▶ INPUT MATERIAL:
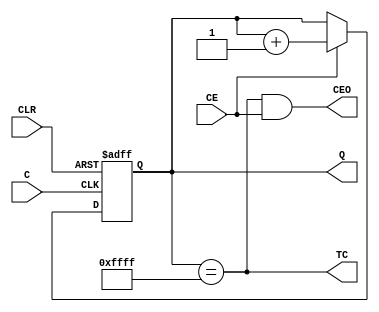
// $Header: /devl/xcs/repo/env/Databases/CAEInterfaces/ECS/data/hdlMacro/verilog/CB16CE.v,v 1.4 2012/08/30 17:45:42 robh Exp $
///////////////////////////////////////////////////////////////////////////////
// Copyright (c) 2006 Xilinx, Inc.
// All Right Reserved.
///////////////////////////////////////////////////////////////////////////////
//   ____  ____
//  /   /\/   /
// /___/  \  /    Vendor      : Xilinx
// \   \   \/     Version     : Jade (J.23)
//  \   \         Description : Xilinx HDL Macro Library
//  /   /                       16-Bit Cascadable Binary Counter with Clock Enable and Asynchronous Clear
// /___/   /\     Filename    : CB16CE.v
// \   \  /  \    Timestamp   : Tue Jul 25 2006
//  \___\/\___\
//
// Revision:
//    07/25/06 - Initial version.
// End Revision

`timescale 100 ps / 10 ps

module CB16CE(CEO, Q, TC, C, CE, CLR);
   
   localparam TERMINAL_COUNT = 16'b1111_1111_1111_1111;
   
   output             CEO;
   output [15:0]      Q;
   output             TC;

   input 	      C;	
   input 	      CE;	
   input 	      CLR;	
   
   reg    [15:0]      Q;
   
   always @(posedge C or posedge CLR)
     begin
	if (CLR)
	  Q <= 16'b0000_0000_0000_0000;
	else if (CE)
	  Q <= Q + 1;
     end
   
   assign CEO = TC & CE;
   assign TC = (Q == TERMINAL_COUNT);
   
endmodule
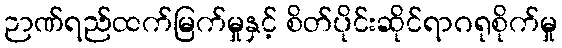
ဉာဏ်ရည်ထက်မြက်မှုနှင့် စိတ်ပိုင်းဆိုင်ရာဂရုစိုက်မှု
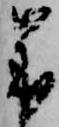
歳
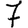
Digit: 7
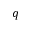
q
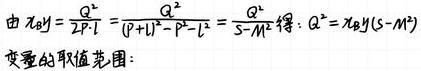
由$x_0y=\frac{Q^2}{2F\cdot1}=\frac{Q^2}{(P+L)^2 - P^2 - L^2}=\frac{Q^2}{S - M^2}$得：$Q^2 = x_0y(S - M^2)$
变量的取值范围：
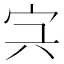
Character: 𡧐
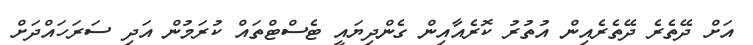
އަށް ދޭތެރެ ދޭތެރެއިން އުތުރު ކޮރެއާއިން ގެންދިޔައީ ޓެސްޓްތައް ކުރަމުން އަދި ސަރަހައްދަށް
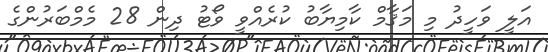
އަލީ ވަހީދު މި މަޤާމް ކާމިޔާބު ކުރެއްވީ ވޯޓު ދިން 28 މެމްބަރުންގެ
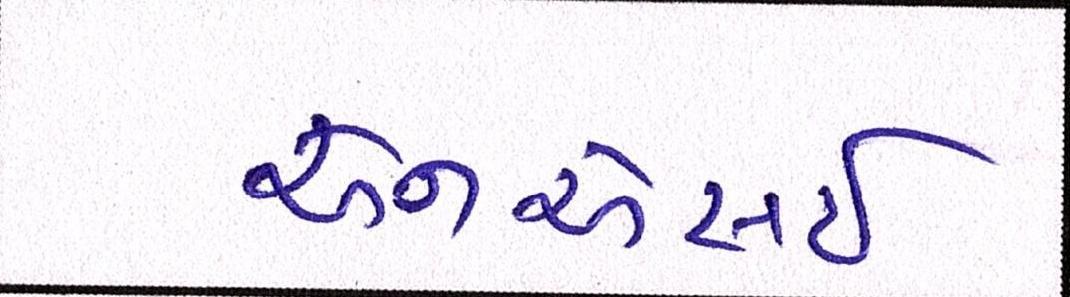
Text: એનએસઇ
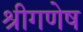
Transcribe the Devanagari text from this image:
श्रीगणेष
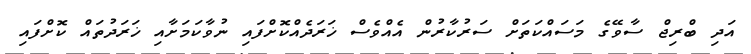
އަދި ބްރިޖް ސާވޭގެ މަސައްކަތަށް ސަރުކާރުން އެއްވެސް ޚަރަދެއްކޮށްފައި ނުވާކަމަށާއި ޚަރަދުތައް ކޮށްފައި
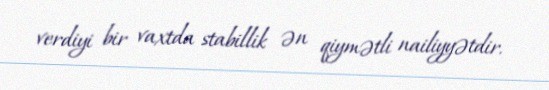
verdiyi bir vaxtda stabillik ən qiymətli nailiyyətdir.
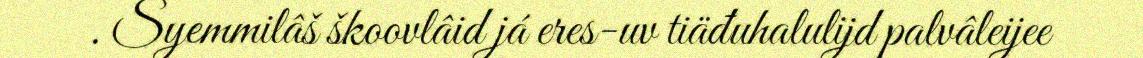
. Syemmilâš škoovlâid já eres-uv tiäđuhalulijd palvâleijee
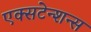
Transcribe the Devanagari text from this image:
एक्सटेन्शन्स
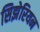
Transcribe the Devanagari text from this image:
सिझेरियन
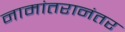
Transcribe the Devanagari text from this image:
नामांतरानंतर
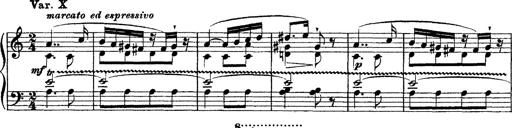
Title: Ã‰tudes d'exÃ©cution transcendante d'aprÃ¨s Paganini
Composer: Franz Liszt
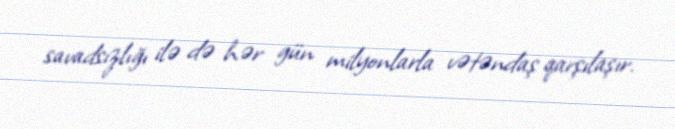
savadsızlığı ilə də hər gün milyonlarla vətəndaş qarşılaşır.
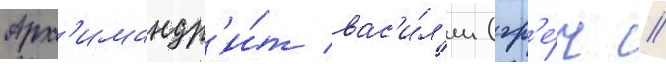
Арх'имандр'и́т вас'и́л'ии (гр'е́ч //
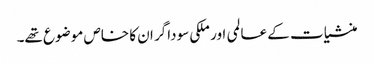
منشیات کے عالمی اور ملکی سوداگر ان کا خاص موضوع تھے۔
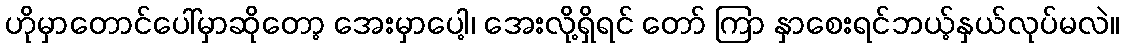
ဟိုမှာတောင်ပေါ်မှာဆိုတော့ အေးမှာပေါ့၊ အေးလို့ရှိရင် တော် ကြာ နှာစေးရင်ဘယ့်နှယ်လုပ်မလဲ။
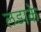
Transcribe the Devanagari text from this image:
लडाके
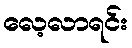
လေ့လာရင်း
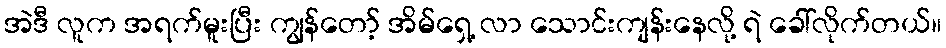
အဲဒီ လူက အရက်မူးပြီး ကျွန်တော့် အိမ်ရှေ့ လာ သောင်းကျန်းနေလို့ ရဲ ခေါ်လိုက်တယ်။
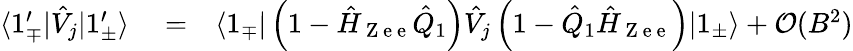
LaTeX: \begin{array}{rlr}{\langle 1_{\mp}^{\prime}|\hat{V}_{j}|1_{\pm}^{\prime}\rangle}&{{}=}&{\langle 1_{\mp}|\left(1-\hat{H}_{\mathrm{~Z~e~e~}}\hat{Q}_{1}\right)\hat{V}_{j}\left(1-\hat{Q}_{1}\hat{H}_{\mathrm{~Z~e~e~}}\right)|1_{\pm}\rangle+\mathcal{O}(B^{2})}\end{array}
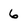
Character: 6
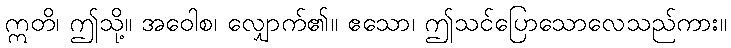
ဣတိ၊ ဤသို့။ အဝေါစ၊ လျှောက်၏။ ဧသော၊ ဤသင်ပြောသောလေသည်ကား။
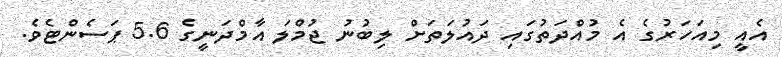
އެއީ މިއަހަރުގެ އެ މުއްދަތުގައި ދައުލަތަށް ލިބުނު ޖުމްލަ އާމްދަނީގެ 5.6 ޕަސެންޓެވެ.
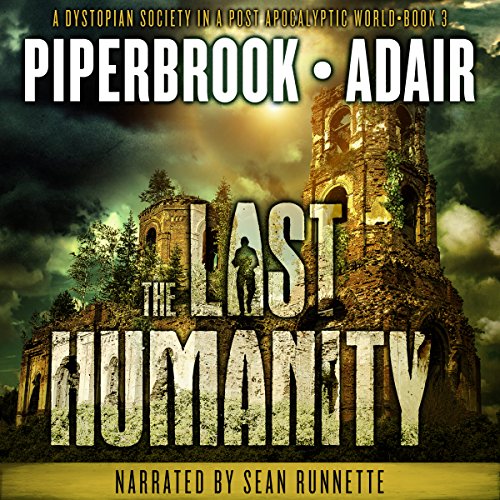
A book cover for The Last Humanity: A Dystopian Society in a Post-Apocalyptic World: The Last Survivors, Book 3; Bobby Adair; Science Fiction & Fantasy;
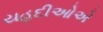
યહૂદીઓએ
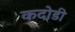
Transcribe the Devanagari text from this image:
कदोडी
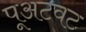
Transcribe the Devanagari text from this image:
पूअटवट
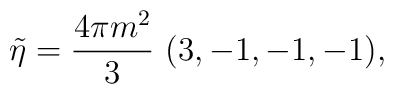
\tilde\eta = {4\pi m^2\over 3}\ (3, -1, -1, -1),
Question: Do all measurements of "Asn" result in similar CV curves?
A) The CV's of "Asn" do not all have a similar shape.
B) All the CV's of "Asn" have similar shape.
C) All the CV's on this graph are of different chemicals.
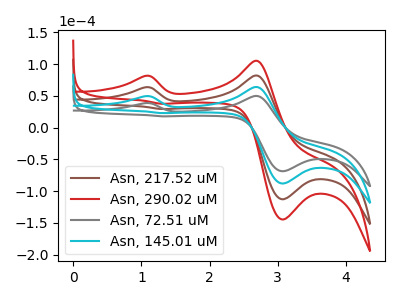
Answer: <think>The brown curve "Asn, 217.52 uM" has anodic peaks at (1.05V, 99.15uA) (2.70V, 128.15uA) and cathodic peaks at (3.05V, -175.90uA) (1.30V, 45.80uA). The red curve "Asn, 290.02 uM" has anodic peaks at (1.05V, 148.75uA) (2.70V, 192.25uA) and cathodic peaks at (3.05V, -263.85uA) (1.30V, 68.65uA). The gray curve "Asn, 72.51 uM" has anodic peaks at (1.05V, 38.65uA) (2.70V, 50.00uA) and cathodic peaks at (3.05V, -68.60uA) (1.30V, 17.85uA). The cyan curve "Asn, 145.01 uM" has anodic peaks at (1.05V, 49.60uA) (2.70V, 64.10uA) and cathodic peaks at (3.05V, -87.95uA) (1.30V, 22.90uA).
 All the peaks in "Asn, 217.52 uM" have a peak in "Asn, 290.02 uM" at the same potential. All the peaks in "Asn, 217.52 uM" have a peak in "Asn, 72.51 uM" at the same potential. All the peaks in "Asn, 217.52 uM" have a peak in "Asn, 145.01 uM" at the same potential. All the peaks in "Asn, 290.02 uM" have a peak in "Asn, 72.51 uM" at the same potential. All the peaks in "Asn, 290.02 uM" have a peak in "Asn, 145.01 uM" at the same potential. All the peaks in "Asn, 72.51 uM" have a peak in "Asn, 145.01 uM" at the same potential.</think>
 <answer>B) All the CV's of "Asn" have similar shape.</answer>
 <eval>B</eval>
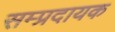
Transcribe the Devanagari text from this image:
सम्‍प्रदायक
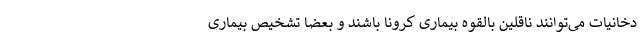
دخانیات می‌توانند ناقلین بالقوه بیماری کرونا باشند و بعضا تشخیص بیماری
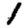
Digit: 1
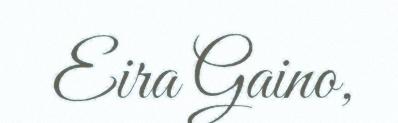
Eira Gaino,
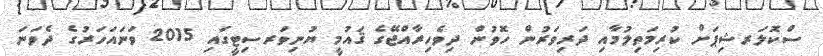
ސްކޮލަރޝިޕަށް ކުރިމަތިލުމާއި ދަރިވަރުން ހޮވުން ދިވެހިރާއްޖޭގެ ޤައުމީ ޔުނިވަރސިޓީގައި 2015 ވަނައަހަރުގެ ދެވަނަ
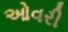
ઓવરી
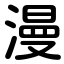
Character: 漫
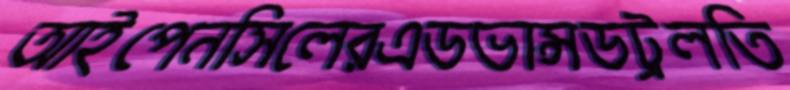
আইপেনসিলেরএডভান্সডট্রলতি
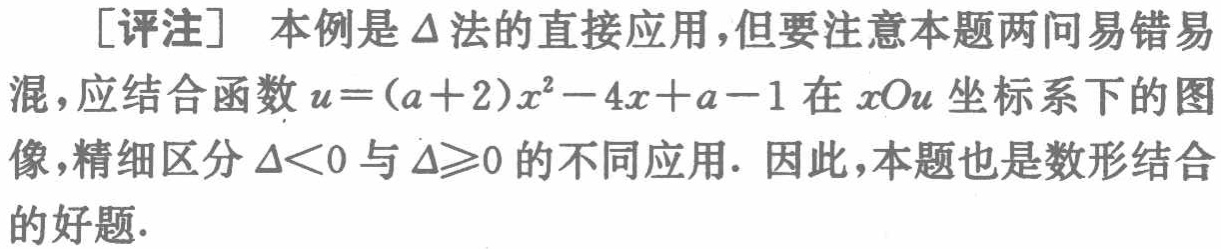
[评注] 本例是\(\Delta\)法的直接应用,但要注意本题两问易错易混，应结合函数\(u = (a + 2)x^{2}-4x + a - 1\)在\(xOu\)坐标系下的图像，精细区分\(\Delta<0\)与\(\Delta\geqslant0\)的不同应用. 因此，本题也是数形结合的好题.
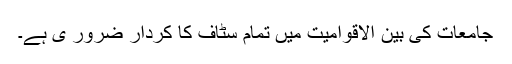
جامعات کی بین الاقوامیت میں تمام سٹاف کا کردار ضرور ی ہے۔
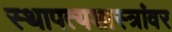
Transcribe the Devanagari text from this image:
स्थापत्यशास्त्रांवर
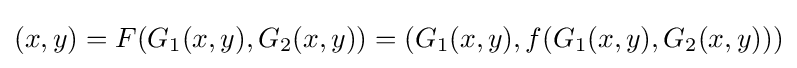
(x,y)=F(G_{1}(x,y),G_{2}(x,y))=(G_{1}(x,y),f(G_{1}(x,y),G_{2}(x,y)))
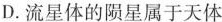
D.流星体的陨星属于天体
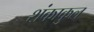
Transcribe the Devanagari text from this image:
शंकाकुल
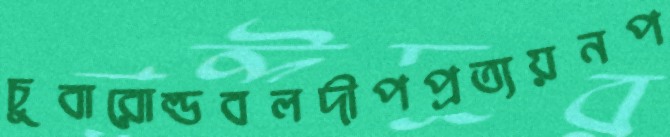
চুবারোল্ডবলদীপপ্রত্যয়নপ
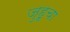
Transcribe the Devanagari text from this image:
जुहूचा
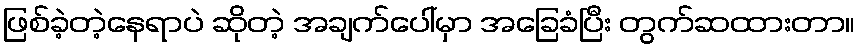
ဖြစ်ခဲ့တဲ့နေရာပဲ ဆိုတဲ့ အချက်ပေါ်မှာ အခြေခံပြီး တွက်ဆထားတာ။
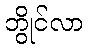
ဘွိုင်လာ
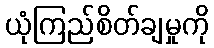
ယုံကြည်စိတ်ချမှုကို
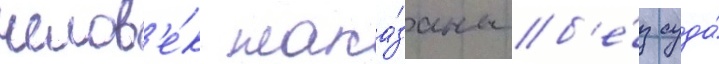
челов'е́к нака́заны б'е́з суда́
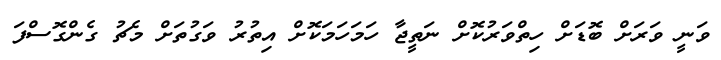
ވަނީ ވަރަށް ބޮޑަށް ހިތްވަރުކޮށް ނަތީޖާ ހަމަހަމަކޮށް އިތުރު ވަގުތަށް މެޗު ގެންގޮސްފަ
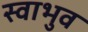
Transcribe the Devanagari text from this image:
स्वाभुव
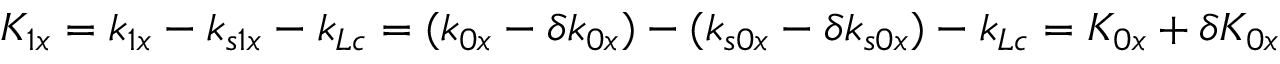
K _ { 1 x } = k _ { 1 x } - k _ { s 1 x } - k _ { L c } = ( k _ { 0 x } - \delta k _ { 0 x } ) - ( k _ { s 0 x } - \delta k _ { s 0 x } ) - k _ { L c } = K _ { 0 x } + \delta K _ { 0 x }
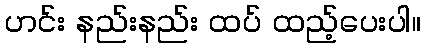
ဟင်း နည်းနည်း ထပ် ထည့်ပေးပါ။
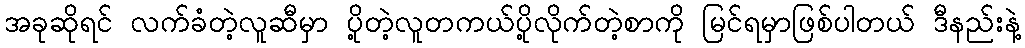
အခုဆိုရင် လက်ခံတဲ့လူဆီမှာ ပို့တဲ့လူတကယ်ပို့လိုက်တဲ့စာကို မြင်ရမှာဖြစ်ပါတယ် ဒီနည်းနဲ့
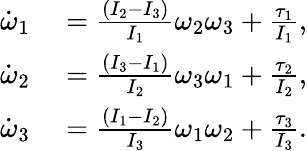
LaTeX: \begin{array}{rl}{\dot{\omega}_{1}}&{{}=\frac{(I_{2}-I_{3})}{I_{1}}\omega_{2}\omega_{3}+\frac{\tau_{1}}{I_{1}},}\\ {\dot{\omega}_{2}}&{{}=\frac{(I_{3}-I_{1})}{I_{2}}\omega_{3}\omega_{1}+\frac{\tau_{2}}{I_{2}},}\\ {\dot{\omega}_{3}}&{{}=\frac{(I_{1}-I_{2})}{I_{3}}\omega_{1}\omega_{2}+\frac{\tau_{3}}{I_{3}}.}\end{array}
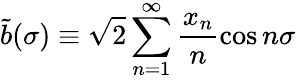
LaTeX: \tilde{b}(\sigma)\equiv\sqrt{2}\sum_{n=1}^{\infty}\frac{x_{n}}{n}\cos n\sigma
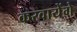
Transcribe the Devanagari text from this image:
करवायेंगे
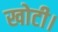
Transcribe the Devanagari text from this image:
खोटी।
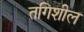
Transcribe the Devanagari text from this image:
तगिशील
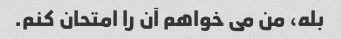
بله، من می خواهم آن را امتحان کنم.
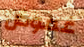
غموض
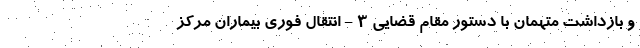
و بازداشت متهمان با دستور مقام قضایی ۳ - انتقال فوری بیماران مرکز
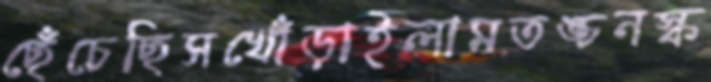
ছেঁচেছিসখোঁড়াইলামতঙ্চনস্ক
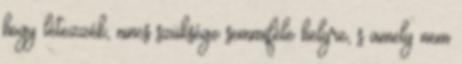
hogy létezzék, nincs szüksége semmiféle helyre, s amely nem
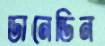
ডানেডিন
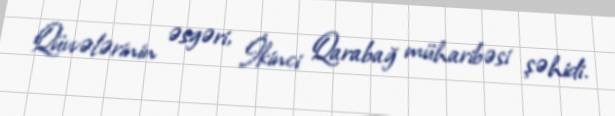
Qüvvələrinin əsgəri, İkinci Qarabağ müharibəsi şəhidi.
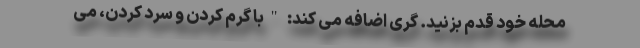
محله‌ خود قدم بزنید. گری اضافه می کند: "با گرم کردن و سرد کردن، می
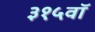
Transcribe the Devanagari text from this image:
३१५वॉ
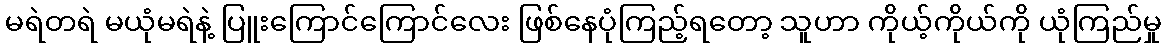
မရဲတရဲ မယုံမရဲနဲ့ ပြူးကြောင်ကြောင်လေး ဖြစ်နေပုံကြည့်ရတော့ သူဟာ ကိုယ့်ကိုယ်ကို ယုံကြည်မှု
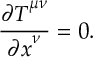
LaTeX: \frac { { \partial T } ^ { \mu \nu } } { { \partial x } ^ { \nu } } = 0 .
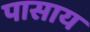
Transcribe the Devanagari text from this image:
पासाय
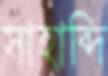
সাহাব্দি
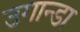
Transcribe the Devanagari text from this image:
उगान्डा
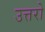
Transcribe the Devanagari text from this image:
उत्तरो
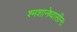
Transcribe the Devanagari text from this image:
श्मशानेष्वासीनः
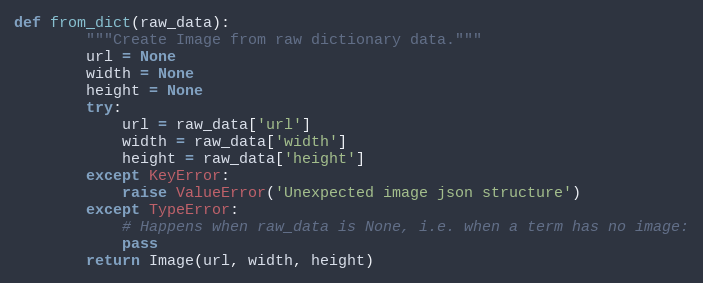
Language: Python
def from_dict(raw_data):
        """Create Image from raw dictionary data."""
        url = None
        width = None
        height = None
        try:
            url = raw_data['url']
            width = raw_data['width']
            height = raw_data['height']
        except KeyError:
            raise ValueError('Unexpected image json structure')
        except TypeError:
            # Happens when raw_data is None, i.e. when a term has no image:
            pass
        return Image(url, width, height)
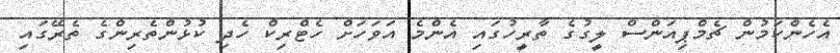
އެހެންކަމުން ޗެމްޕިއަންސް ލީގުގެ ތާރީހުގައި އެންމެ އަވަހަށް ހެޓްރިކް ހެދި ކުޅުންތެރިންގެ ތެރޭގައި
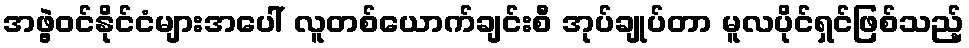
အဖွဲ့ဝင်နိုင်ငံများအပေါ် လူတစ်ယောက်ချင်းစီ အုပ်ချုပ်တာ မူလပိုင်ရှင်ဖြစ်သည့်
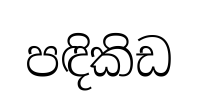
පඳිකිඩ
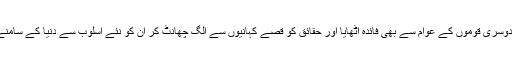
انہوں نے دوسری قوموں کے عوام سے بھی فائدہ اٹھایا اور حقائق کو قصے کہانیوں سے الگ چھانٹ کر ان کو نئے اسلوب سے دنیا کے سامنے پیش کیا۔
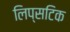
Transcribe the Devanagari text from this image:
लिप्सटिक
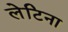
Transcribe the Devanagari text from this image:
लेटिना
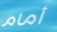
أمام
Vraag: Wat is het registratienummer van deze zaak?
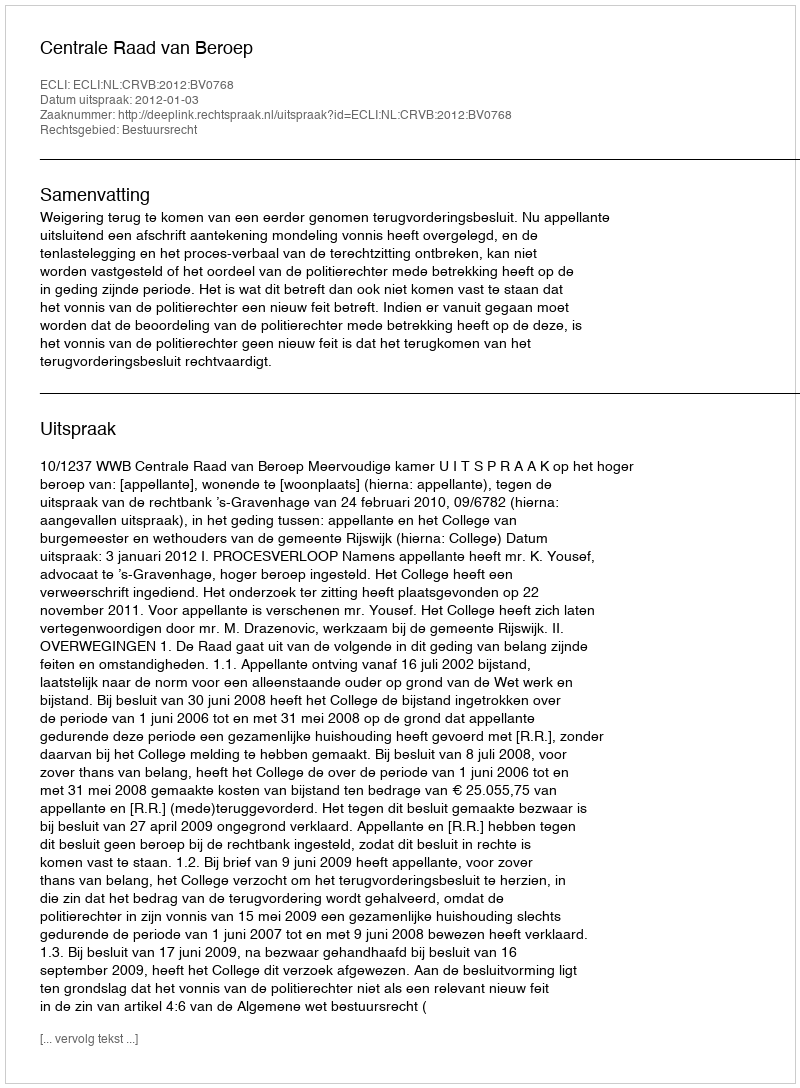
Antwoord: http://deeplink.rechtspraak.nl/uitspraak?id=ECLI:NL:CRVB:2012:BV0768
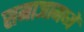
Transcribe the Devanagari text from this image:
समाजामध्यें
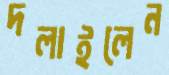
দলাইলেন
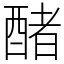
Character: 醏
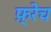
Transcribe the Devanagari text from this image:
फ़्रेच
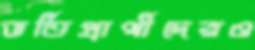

▶ EXERCISE DIRECTIONS:
Lines wanted from the entries above: the one with "A book cover", the one with "C) All the CV's", and all lines between. Please copy them exactly, without the pictures and without anything else.

▶ YOUR SOLUTION:
A book cover for The Last Humanity: A Dystopian Society in a Post-Apocalyptic World: The Last Survivors, Book 3; Bobby Adair; Science Fiction & Fantasy;
યહૂદીઓએ
Transcribe the Devanagari text from this image:
कदोडी
Transcribe the Devanagari text from this image:
पूअटवट
\tilde\eta = {4\pi m^2\over 3}\ (3, -1, -1, -1),
Question: Do all measurements of "Asn" result in similar CV curves?
A) The CV's of "Asn" do not all have a similar shape.
B) All the CV's of "Asn" have similar shape.
C) All the CV's on this graph are of different chemicals.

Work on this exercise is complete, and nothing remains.